Your objective: Although the entries contain pictures, only their words should be duplicated exactly.

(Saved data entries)

# # # # # # #

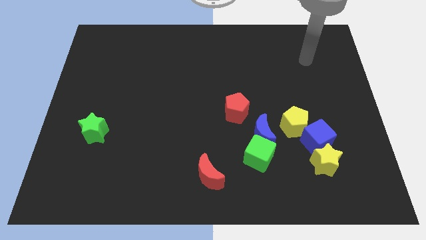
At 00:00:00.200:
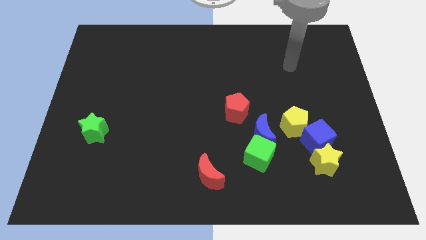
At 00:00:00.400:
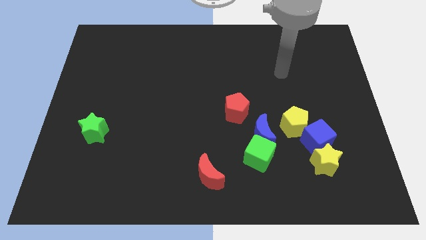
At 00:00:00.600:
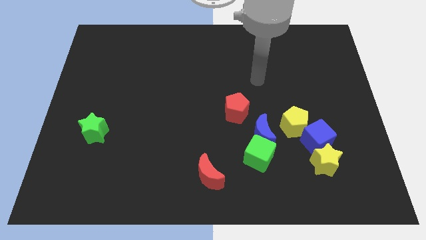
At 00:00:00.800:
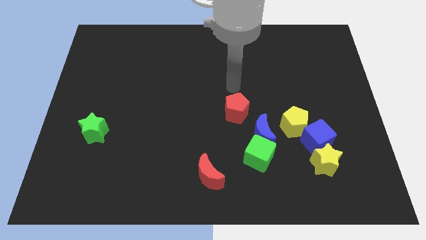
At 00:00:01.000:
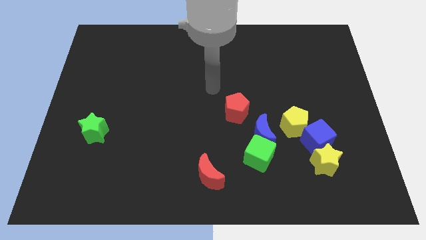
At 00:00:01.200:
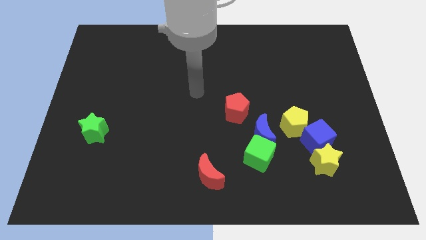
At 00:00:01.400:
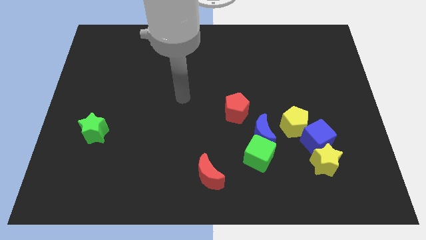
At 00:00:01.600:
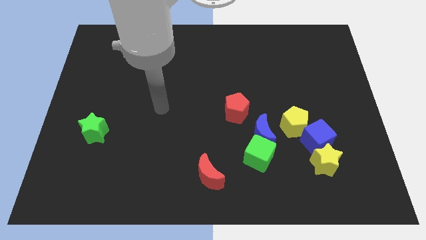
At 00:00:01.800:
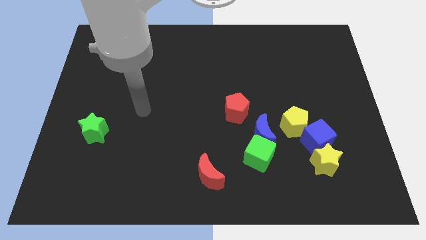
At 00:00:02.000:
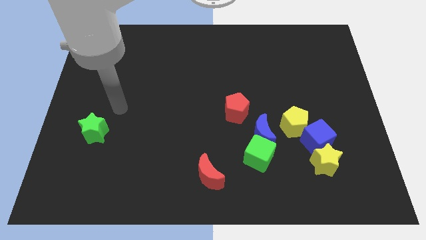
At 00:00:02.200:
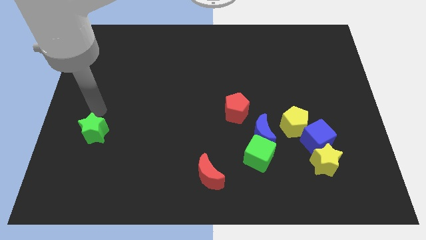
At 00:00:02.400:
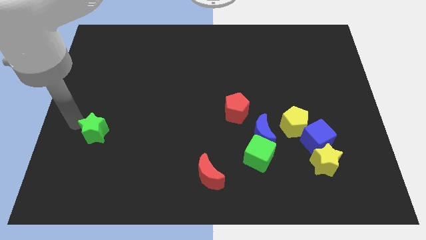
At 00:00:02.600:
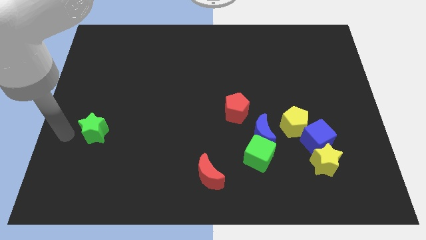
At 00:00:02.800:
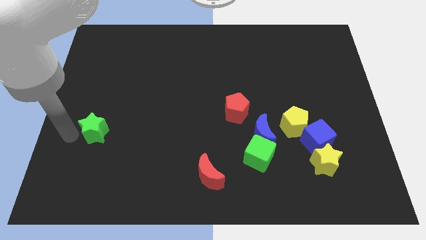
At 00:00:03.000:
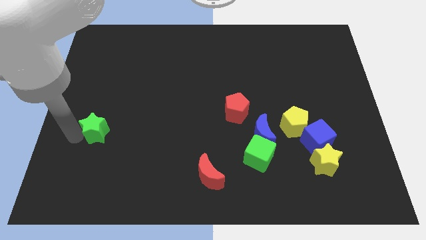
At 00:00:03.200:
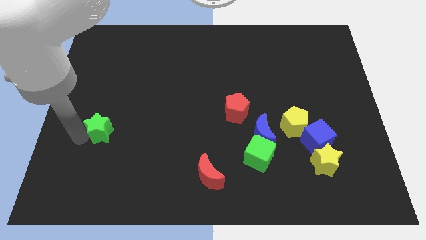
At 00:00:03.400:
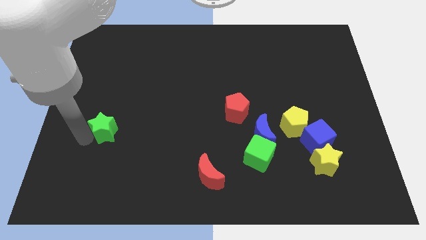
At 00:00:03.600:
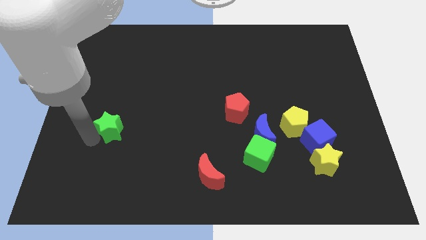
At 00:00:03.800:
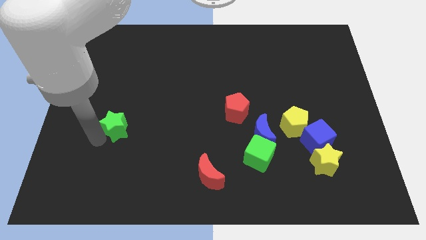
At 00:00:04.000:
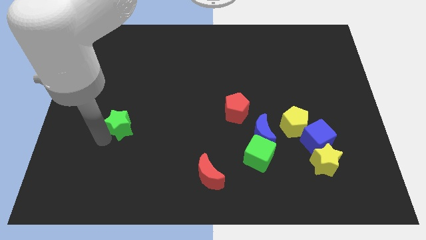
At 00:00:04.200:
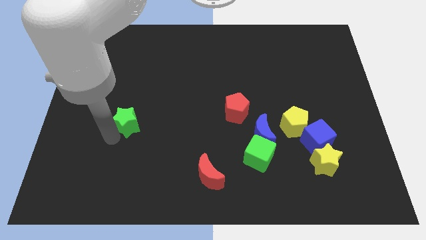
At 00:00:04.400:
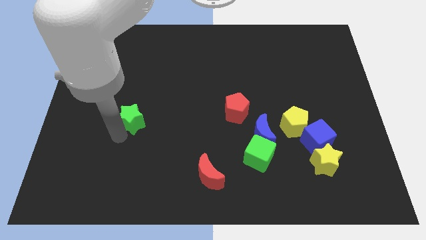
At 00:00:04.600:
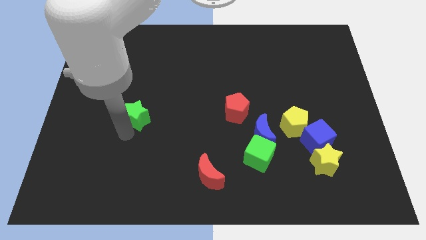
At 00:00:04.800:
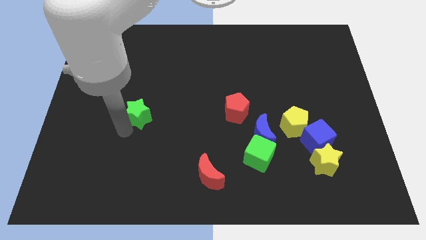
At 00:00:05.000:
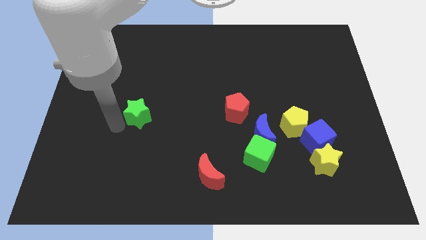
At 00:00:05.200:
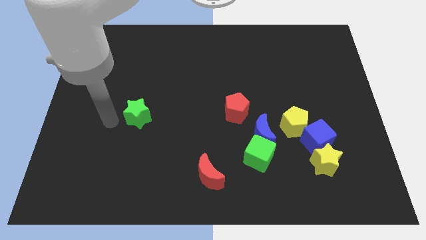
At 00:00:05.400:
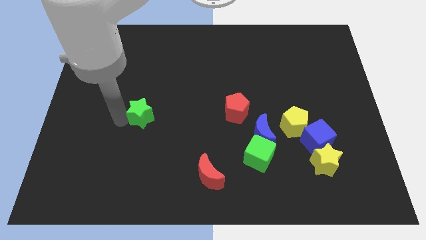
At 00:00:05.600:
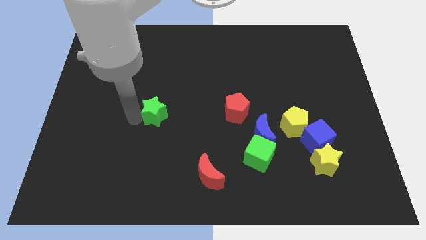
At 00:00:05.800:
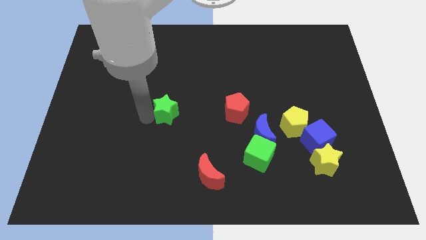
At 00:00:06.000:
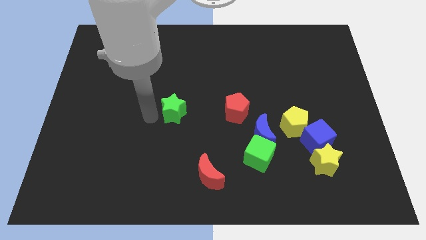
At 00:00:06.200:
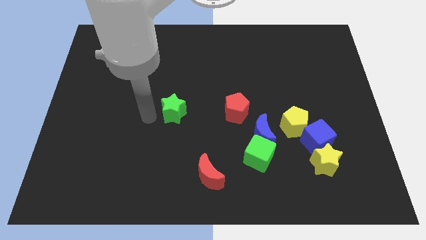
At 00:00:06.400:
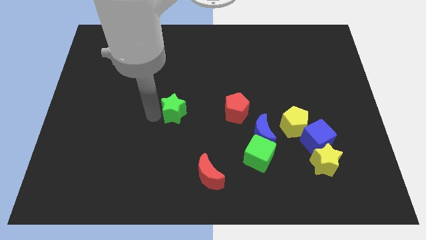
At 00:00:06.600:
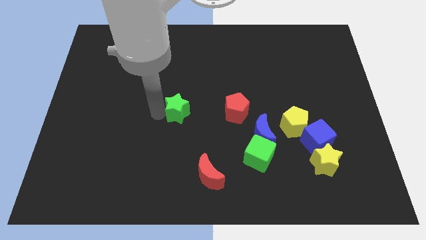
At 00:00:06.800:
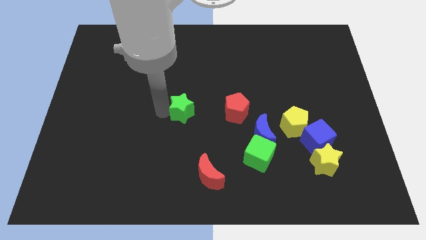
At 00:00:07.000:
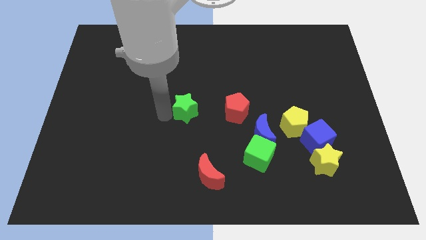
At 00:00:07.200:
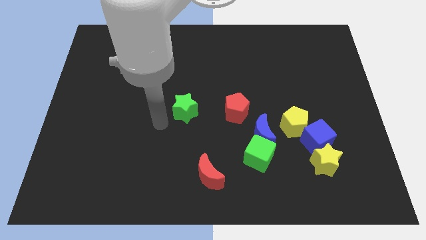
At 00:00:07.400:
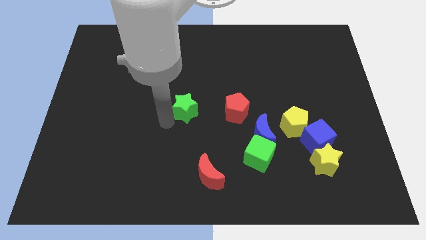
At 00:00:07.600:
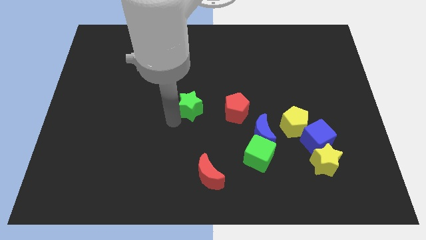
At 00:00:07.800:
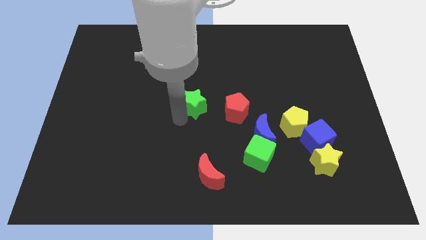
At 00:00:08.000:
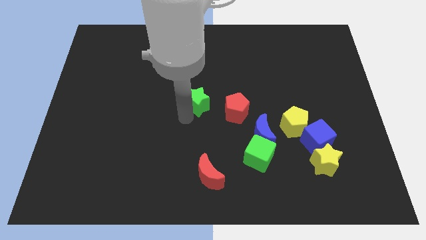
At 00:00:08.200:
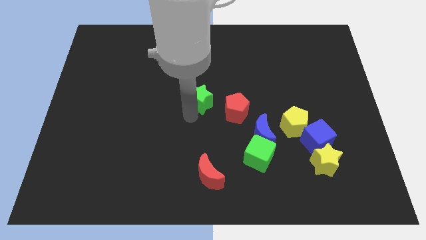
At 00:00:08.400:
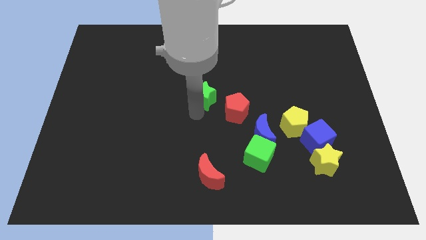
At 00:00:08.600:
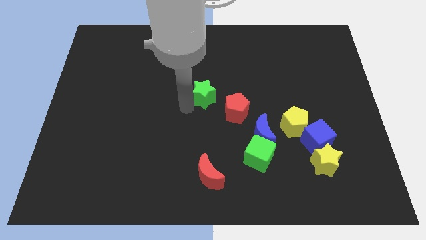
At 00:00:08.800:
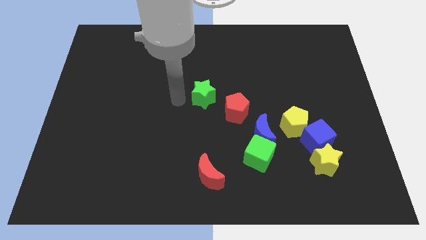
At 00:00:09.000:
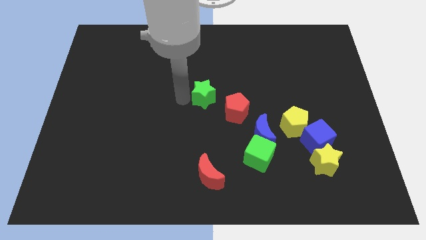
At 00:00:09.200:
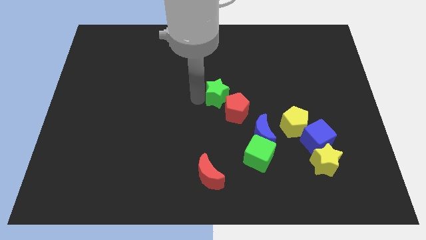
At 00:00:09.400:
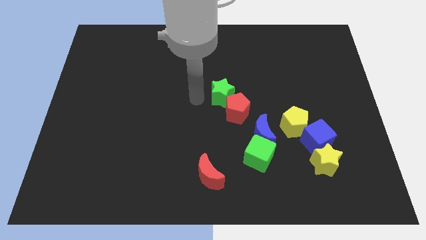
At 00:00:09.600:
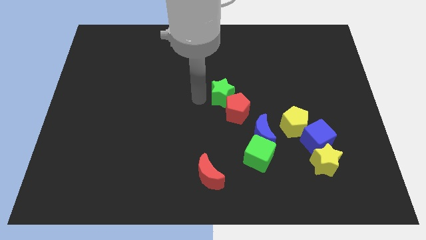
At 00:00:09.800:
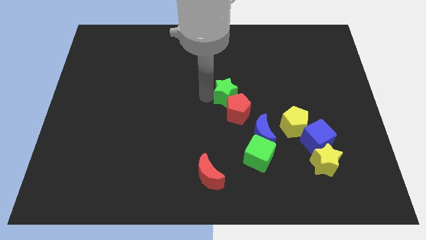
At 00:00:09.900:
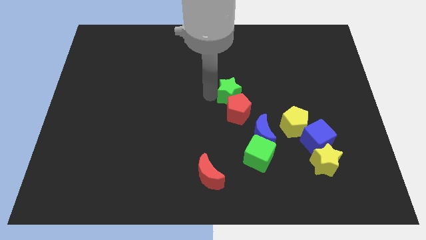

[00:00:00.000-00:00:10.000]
slide the green star to the top right side of the red pentagon

# # # # # # #

Exercise response:
At 00:00:00.200:
At 00:00:00.400:
At 00:00:00.600:
At 00:00:00.800:
At 00:00:01.000:
At 00:00:01.200:
At 00:00:01.400:
At 00:00:01.600:
At 00:00:01.800:
At 00:00:02.000:
At 00:00:02.200:
At 00:00:02.400:
At 00:00:02.600:
At 00:00:02.800:
At 00:00:03.000:
At 00:00:03.200:
At 00:00:03.400:
At 00:00:03.600:
At 00:00:03.800:
At 00:00:04.000:
At 00:00:04.200:
At 00:00:04.400:
At 00:00:04.600:
At 00:00:04.800:
At 00:00:05.000:
At 00:00:05.200:
At 00:00:05.400:
At 00:00:05.600:
At 00:00:05.800:
At 00:00:06.000:
At 00:00:06.200:
At 00:00:06.400:
At 00:00:06.600:
At 00:00:06.800:
At 00:00:07.000:
At 00:00:07.200:
At 00:00:07.400:
At 00:00:07.600:
At 00:00:07.800:
At 00:00:08.000:
At 00:00:08.200:
At 00:00:08.400:
At 00:00:08.600:
At 00:00:08.800:
At 00:00:09.000:
At 00:00:09.200:
At 00:00:09.400:
At 00:00:09.600:
At 00:00:09.800:
At 00:00:09.900:

[00:00:00.000-00:00:10.000]
slide the green star to the top right side of the red pentagon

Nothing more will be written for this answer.